If you want to play with the code (different transformations, different visualizations, etc.), you can run the tool locally and modify the code.

1. Clone the repo
2. Run `npm install`
3. Run `node index.js` -- this processes the copilot extension code and produces modules by doing some automatic reverse engineering.

Steps 2 and 3 are optional. They're only needed if you modify the extension code or the transformation code. The repo already contains the processed modules.

4. Install [manifest](https://github.com/HazyResearch/manifest) using `pip install manifest-ml`.
5. Create a file named `codeviz/.openai-api-key` storing your OpenAI API key. You can keep this empty if you're not going to predict names and categories, or going to use the `select-snippet -> right-click -> Describe this snippet` feature (which doesn't work that well anyway).
6. Run `python3 codeviz/app.py` to start the app.
7. Head to `localhost:5000` in your browser.

### Manual annotations

The tool supports 3 types of annotations: (a) module names (b) module categories (c) module code.

You can change the first two annotations (rename/recategorize modules) by the UI. These annotations persist in your localstorage. If you want to export them, you can use browser console to do so.
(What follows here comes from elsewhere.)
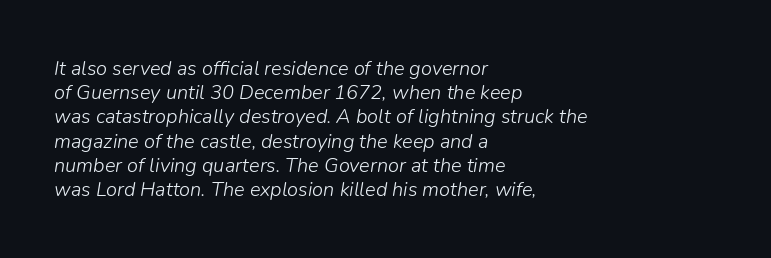
The image shows 20 px text type, italic (leaning right); set left-aligned, line spacing 1.21x, normal letter spacing, not underlined.

I know this isn't ideal, but hey this is a hacky repo. I doubt anyone will reannotate stuff seriously.

For module code -- if you find a particular module interesting and want to add your comments, you can do that and save the annotated module under `codeviz/data/manually_annotated_modules/.js`. Finally, run `codeviz/compress_annotated_codes.js` which takes all the annotated modules and puts them in a single file that's loaded in the browser...so that your annotations show up in the UI.

## Support and Warranty

lmao

But seriously, this is all on a best-effort basis, I might've misunderstood a few things and so the conclusions might be slightly off. If you find something, do raise an issue or a PR.